Why is this the case? Consider that when %C is false, %sel will be undef.
This leaves us with:
  %cmp = icmp sgt i32 undef, %x

%x might be INT_MAX which means that %cmp must be optimized to false.


> —Owen
>
> > On Feb 8, 2015, at 2:23 AM, David Majnemer <david.majnemer at gmail.com>
> wrote:
> >
> > Hello,
> >
> > I'd like to offer an alternative solution to the "poison problem":
> remove it.
> >
> > What follows is rather informal.  I'd happily write up a nicer document
> if this RFC stands up to scrutiny.
> >
> > The idea was born from two observations:
> > - undef was introduced to model a load of uninitialized memory, a form
> of undefined behavior.
> > - poison was introduced to model integer overflow, another form of
> undefined behavior.
> >
> > I find it awkward that one form of uninitialized behavior is more or
> less powerful than another.
> >
> > We rely on the following properties for undef:
> > - undef is permitted to be an arbitrary bit-pattern.

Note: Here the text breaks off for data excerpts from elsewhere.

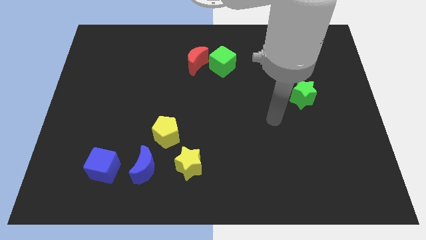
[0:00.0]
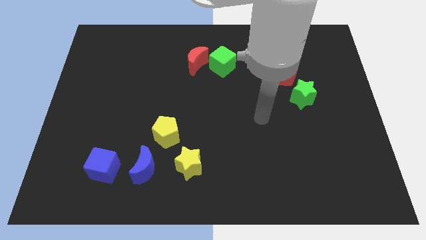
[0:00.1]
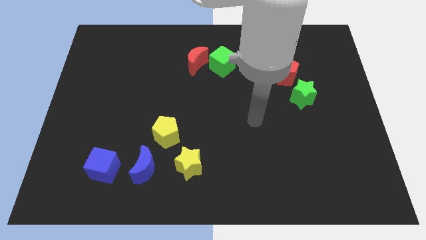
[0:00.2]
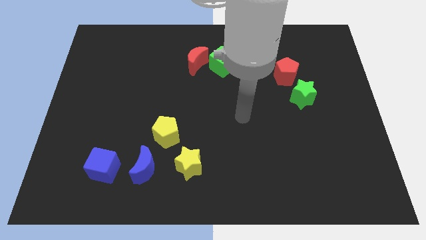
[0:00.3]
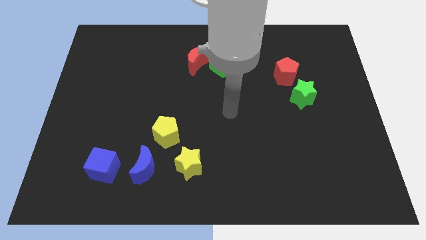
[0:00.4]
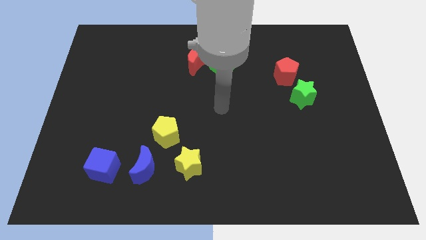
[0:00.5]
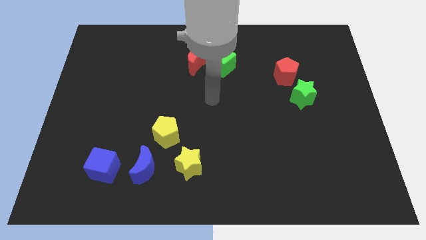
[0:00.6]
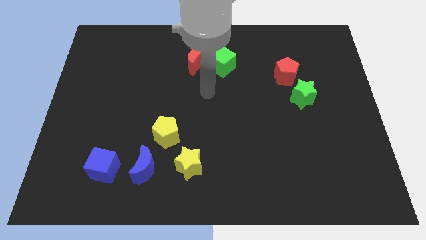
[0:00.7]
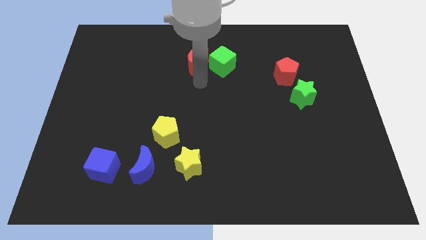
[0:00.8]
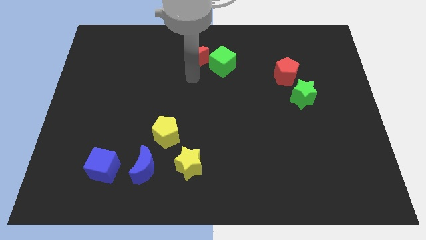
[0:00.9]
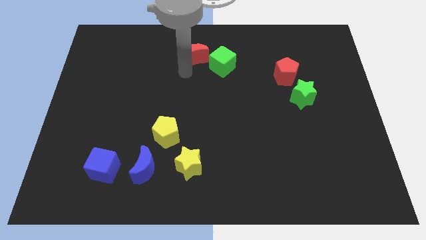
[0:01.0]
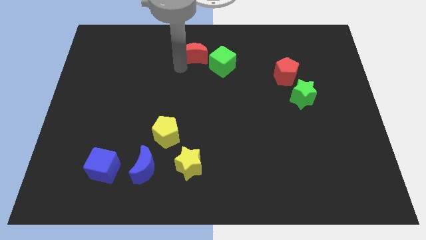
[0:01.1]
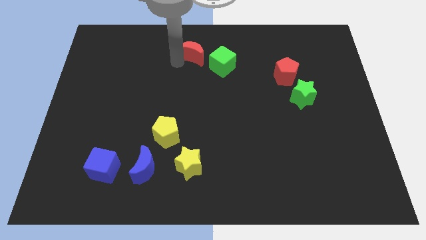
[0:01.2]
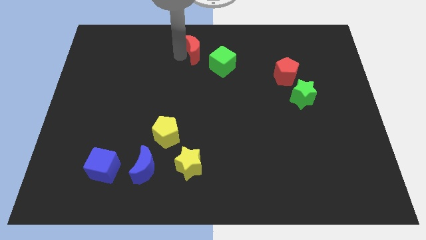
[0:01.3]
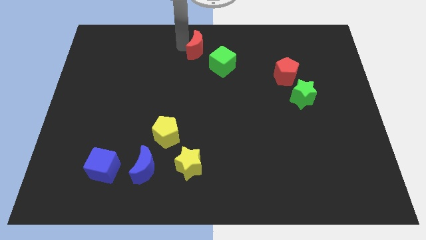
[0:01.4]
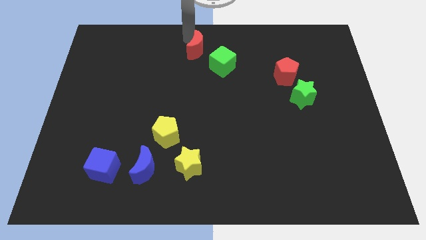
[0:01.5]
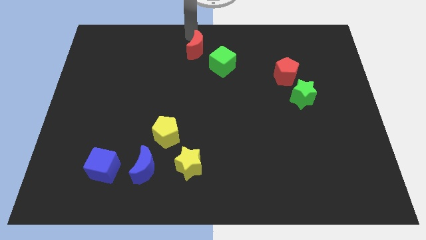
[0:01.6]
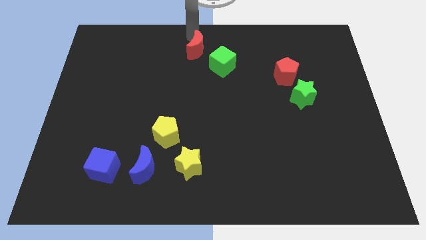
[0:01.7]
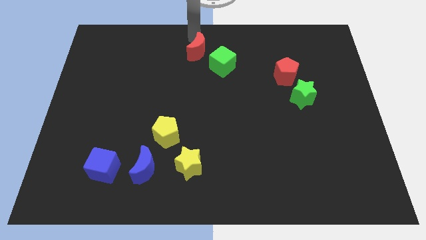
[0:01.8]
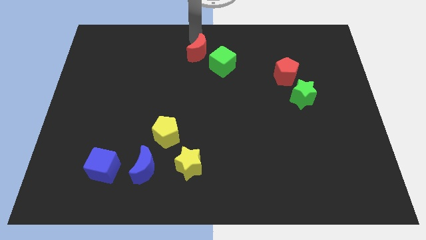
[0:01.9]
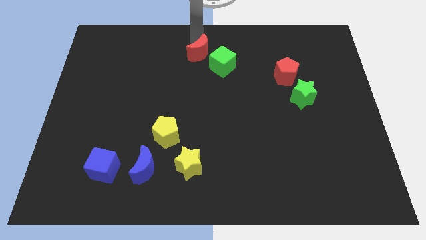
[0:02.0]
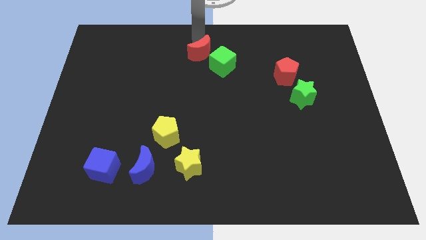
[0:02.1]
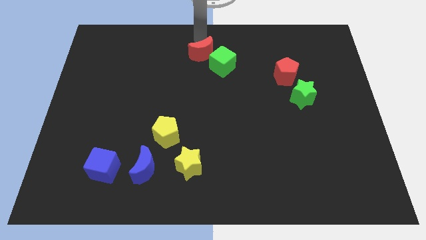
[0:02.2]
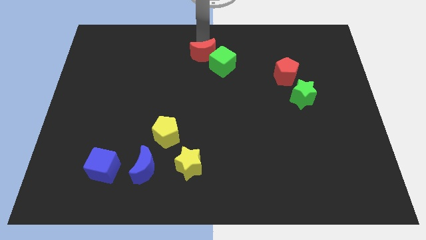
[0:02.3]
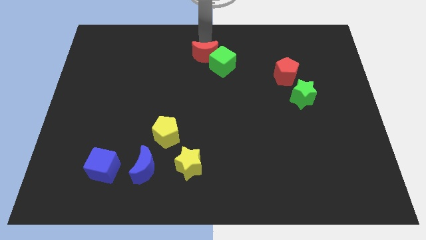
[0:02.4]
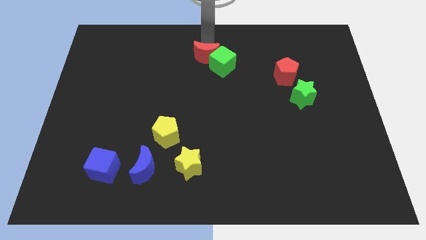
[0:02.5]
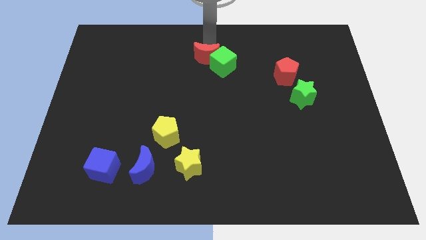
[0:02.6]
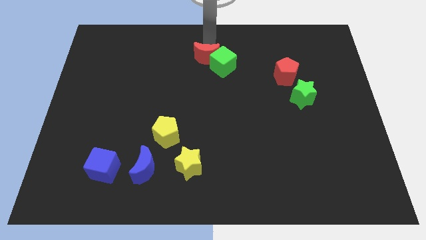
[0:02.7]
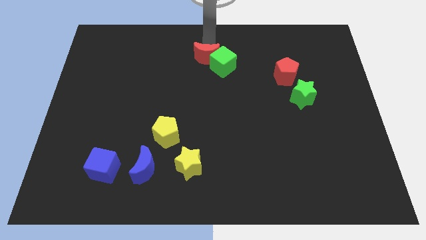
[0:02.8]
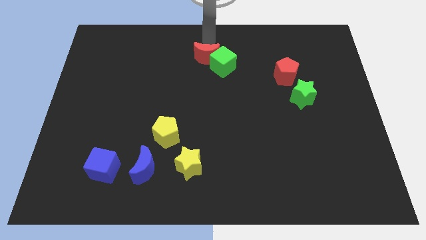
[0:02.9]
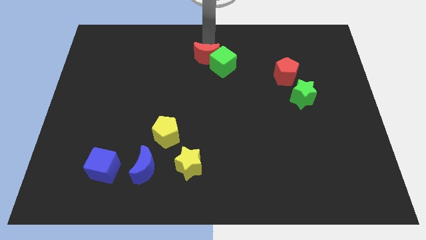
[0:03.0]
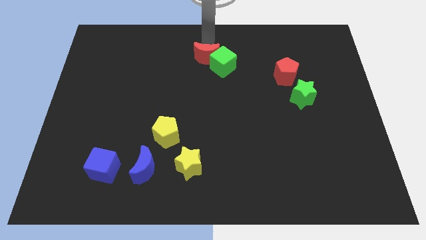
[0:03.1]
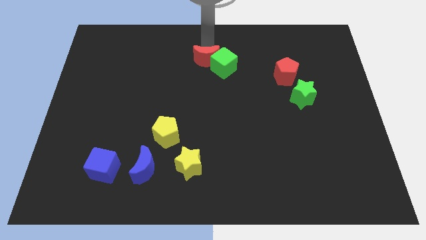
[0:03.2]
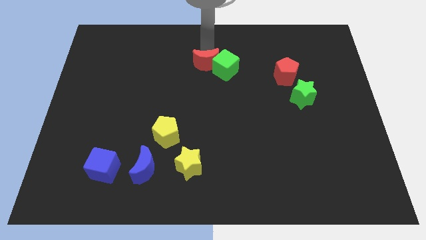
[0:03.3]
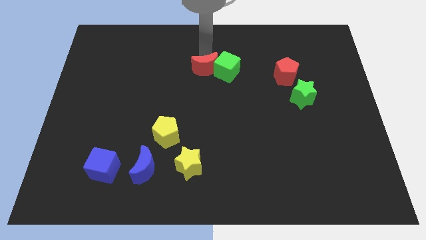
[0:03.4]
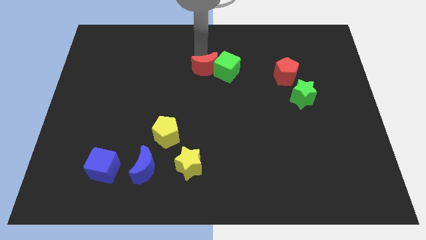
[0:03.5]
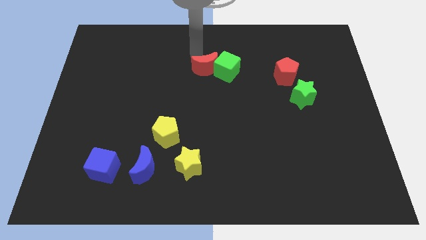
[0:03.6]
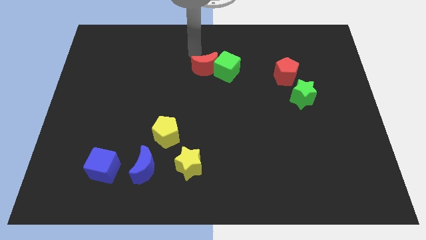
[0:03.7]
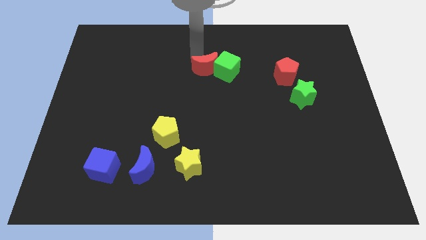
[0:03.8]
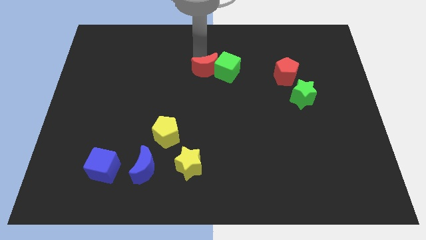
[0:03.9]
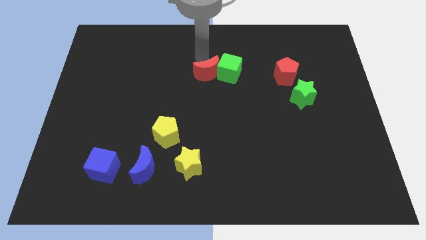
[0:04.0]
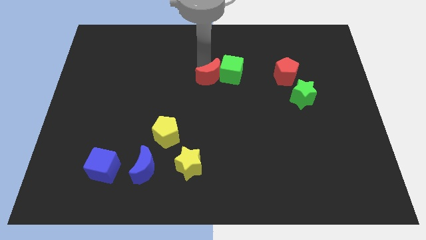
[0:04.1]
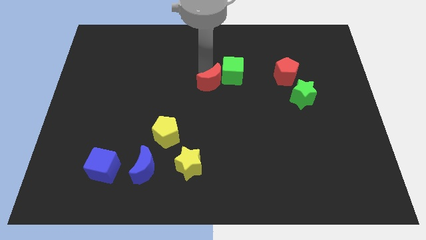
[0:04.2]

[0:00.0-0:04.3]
slide the red moon downwards and to the right slightly

> > - Instructions may or may not be value dependent on their undef operands.
> >
> > We rely on the following properties for poison:
> > - Instructions which have poison operands are capable of providing
> results which are not consistent with a two's complement operand.
> >
> > Here is a case where we believed distinguishing between poison and undef
> is essential:
> > %add = add nsw i32 %a, %b
> > %cmp = icmp sgt i32 %add, %a
> >
> > If %a is INT_MAX and %b is 1, then %add results in overflow.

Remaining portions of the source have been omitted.